It's not the DevOps engineers’ fault that the ecosystem is broken

By understanding the complexities involved in software development, we can shift the focus from blame to collaboration and work toward creating a more efficient and effective ecosystem.

Apr 18, 2023

In the world of software development, DevOps engineers play an important and oft-underappreciated role. They bridge the gap between development and operations teams, automate processes and ensure that software releases are error-free and delivered to the end-user quickly and reliably. Altogether, DevOps teams are the unsung heroes who ensure the smooth functioning of the entire system.

Unfortunately, DevOps engineers are often the ones who take the blame when things go wrong, a misapprehension that can be damaging and counterproductive.

It is essential to understand that the DevOps engineers’ role is to facilitate communication, collaboration and automation between teams, not to singlehandedly fix a broken ecosystem or operate in a vacuum.

In this post, I will explore the true factors behind a broken ecosystem and, importantly, why DevOps engineers are often not at fault, drawing upon my own experience as the chief technology officer and co-founder of Bridgecrew*.

Breaking the myth: Version control system is not controlling the version

The code is more like guidelines, rather than actual rules — Source: Versioning Software

Let's consider a common issue within an ecosystem: Say you’ve encountered a bug in version MAJOR.MINOR.PATCH of the production environment that you are unable to reproduce in the development environment from the same semantic version.

In this case, the root cause is with the source-control management system, which suggests that artifacts, internal or external, that are packaged and tagged together will produce the same software the next time it is built. This suggestion is a misleading one, as artifacts can be overridden, withdrawn and forged.

When this happens, the responsibility of addressing the issue will likely fall on the DevOps/Platform team – specifically the person in charge of release engineering, reliability and packaging. They may have to set up a call to discuss the problem, with the goal of achieving full reproducibility from the production environment to the development environment.

At this point, you may wonder, "What can we do about this? Can't we use artifact signing, immutable repositories, Docker images or Nix to ensure reproducibility?"

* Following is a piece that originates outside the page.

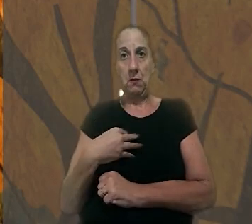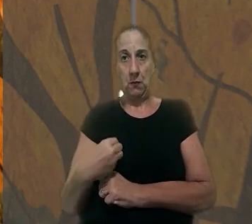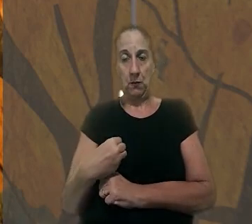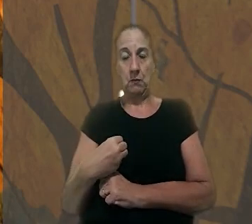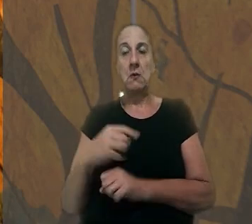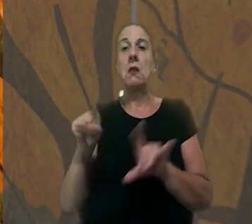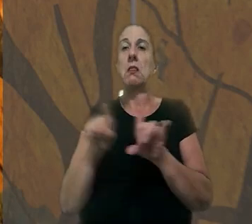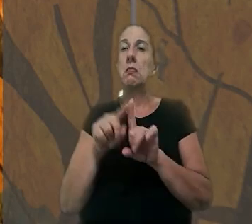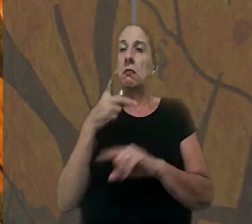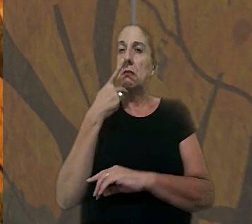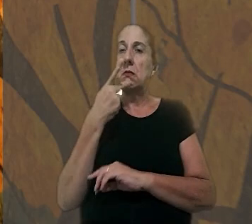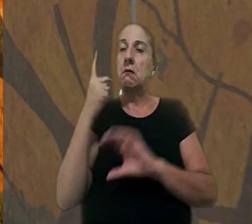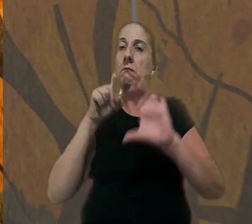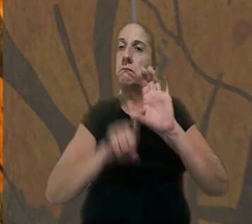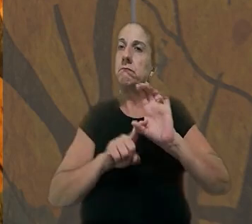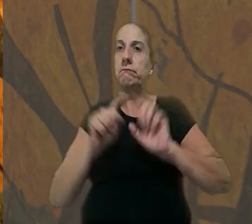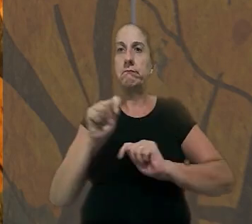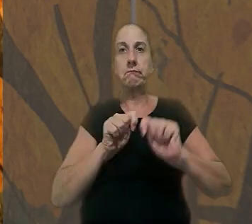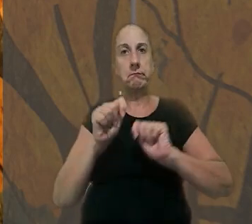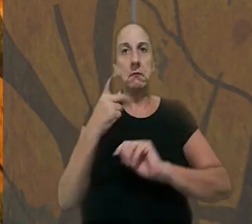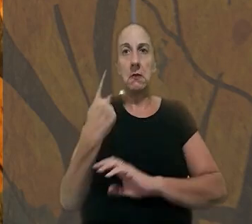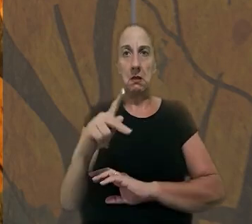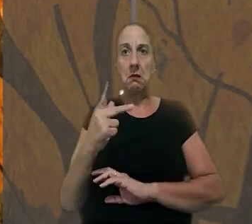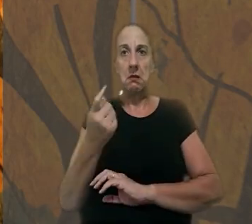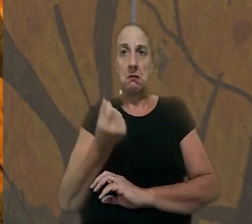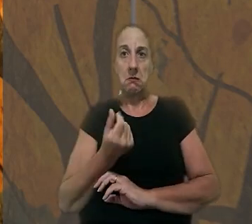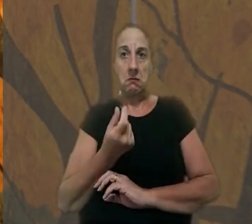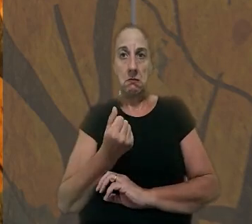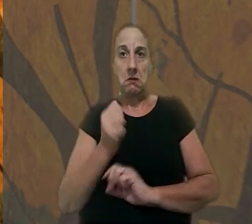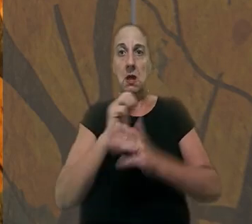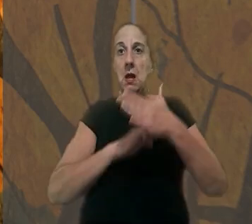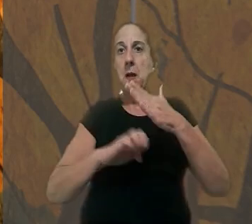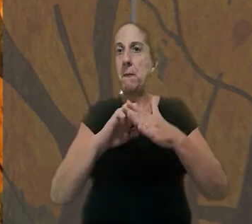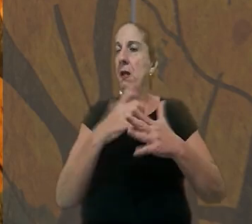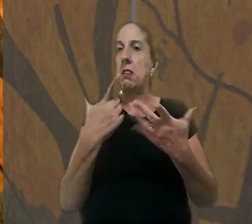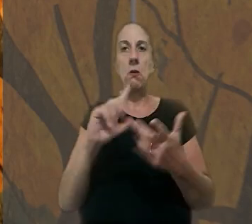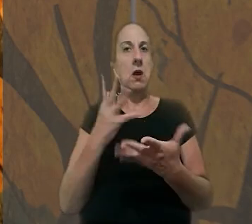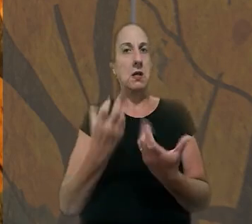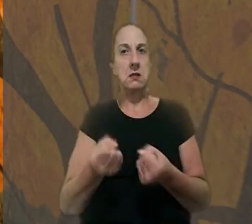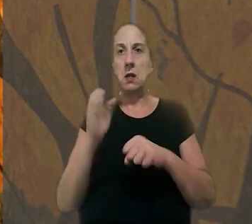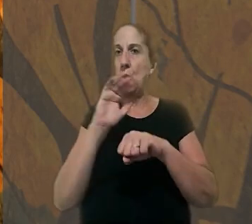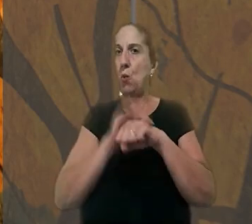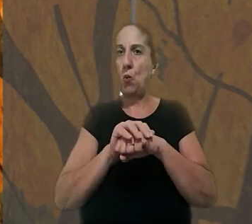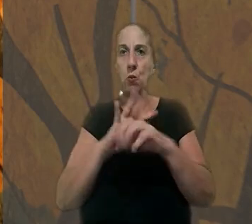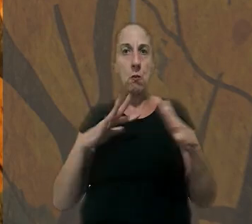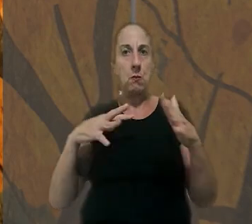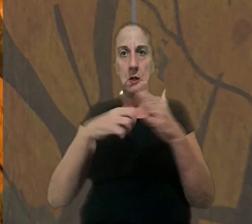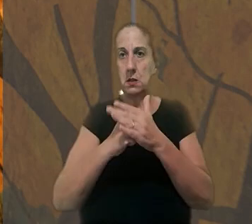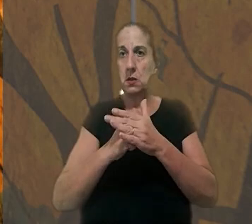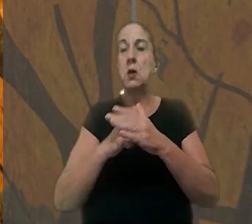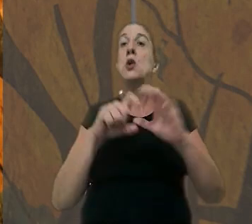Alegou ainda, que dependia economicamente dele. As empresas negaram ter culpa pelo acidente e

The need to have additional tools for version-controlling the software means that version-control systems aren’t really controlling the version of our software and that we need other tools to solve the problem in the software supply chain.

Breaking the myth: It’s safe to upgrade production once CI,CD are in place

Having a person responsible for the software release in the engineering team often creates the confidence that it is safe to upgrade production once the proper tooling, people and processes are in place. If the latest release is breaking the production environment, our first call will be to the DevOps team, because they are the ones to set up the CI/CD process that deploys to production in the first place.

But the reality is more complicated. Often, different deployment environments contain other data, and operations like data schema change/migration are still hard to test and verify in the development stages – the same applies to API contracts.

DevOps teams need to plan for the worst-case scenario – rollback, backup and recovery – and have a few sleepless nights now and then because, unlike application quality, data quality is not (yet) a first-class citizen (yet) of the software-development toolchain. Often, people are gluing data-oriented changes, which are not as tightly coupled with version-control systems as the application code itself.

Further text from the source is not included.